The term “Internal Audit" (IA) is considered as villain by many of us. Even in the best of conditions, most people find that monitoring their processes is unsettling or challenging. Knowing the internal audit function, knowing what to predict during internal audits and knowing feasible perils to prevent contributes to making your trip much more convenient and beneficial.





As per the institute of internal auditors, IA is defined as “an independent, objective, assurance and consulting activity, designed to add value and improve an organization’s operations. It helps an organization accomplish its objective by bringing a systematic, disciplined approach to evaluate and improve the effectiveness of risk management, control and governance processes”

Internal Audit is a department inside the company itself. With the word ‘internal’ layman can understand this. The team is assigned to impart even-handed, standalone reviews of the whole organization or the company. The internal auditors are the employees of the company. The Internal Auditors perform the audit and they crosscheck all the parameters in detail that is applicable for the company. They are the watchdogs of the company. This facilitates the board of directors or responsible senior management the exact position of the organization with reference to compliances.




The main objective of appointing internal auditors is to spot out the deviations from the desired results before it reaches any regulators, stakeholders or external auditors. With this process, the deviation can be made good. Thus it becomes an integral part of the organization and ameliorates the company to be compliant in all ways.


 The apex body for the internal audit is Institute of Internal Auditors (IIA). It is an internationally recognized body.  Any aspirants, who want to be certified member of IIA, have to apply and go through a written examination.



We have to select the internal audit team.

There should be a well prepared audit plan.

Set a desired goal.

Analyze the current scenario.

Compare the current with the desired goal.

Evaluate the difference.

Report the findings and recommendations to the senior management.

Take corrective action.

Follow-up at regular intervals

Evaluate the situation after corrective action






Once the auditor completes the audit he has to prepare a detailed report of the audit process done.

The report should contain 5 Cs:



They are:

Condition – The grey areas identified.

Criteria – Where did the deviation take place?

Cause – Reason for the deviation.

Consequence – What is the upshot of the deviation found?

Corrective Action – How the company should make good the digression.






As internal audit report is an integral part of decision making, the report should enable the management to understand the depth of the matter. It has to adhere to the below mentioned qualities.

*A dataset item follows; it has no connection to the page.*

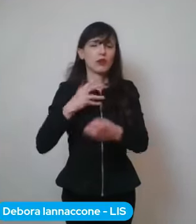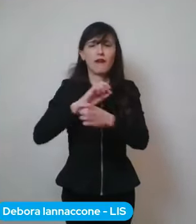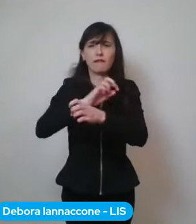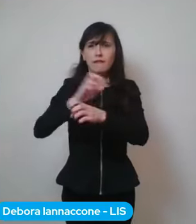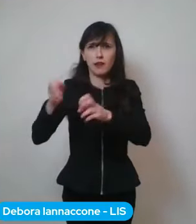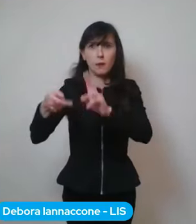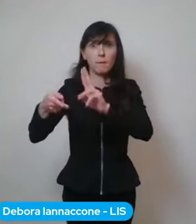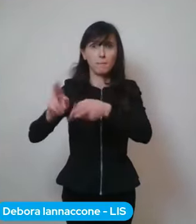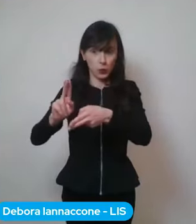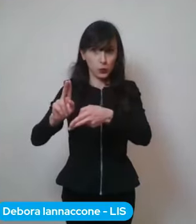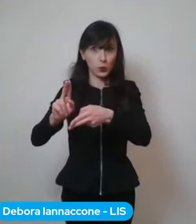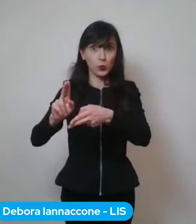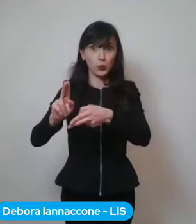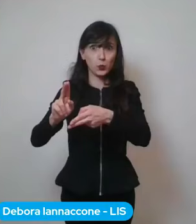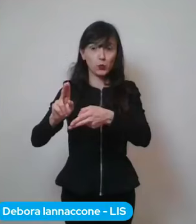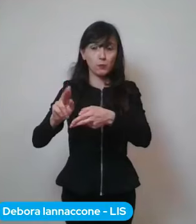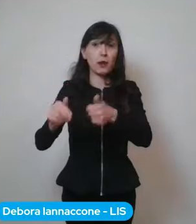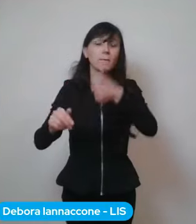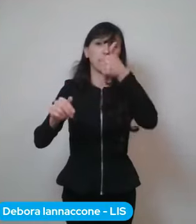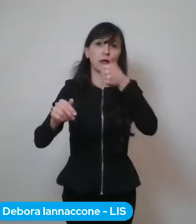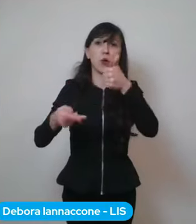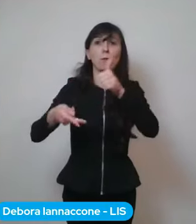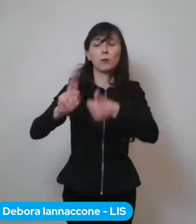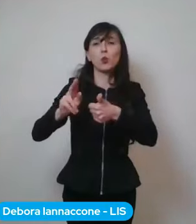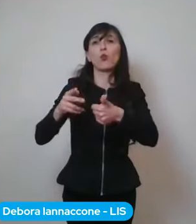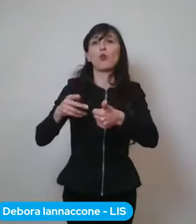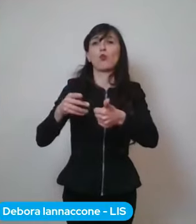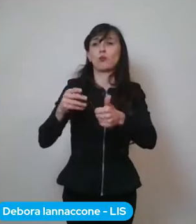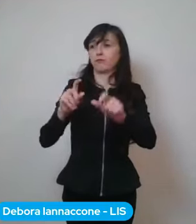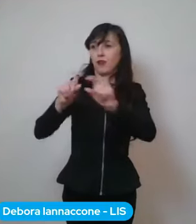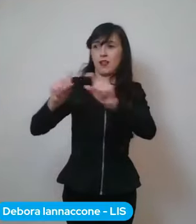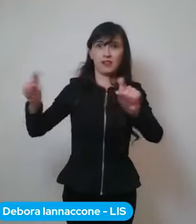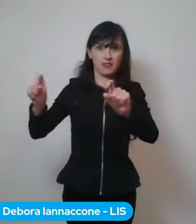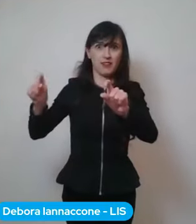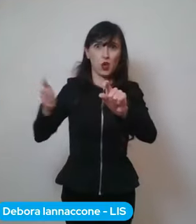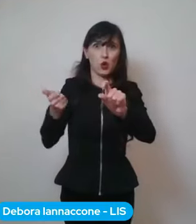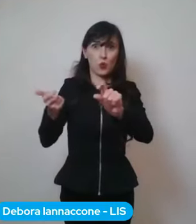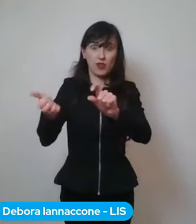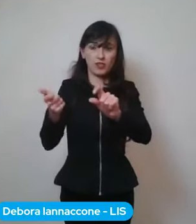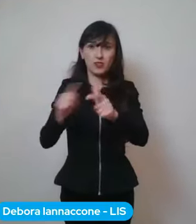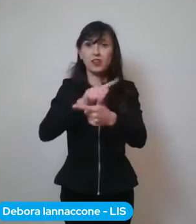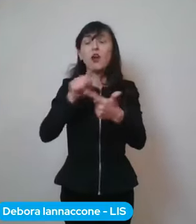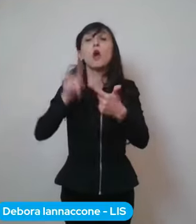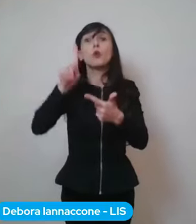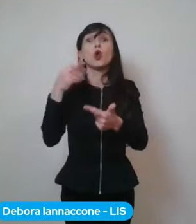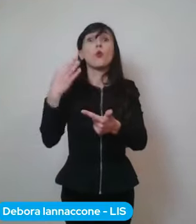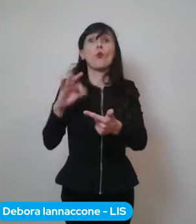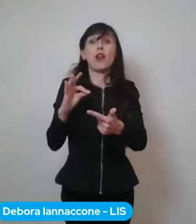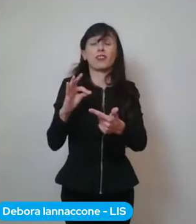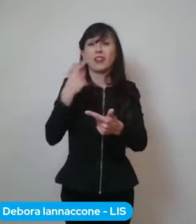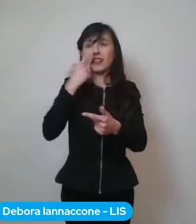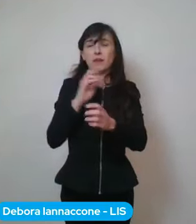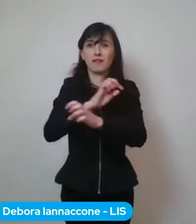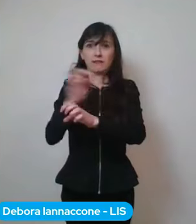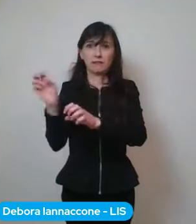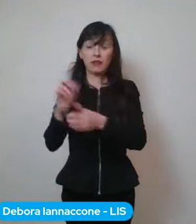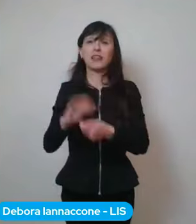sia dal punto di vista qualitativo e eh se pensate a marzo dello scorso anno in cui

There are many types of internal audit; few of them are enumerated below:


Compliance Audit: Here the internal auditors crosschecks whether the company complies with all the norms enlisted by the regulators wherever applicable.


Example: Compliance of Companies Act, 2013; RBI Act 1935, Labour laws, Factory Act etc.


Environmental Audit: Here the auditor analyzes how the company effects the environment. There are various environmental laws and regulations to be complied with.


Information Technology Audit: Here the auditor audits the information system, data security, firewall, backup, recovery etc.


Production or manufacturing or quality audit: Here auditor checks the process and ensures that the quality standards are maintained.


Accomplishment or Performance Audit: Here the audit checks whether the company complies with the internal set out policies and procedures.



Thus, from the above write-up we have learned what is internal audit, the process, types etc.  It is very crucial for all companies to have their internal audit done. It helps the company to get an insight, increase their efficiency, evaluate, assess and comply. It enables to attract the stakeholders. A company without internal audit is like playing cricket without keeping the scores.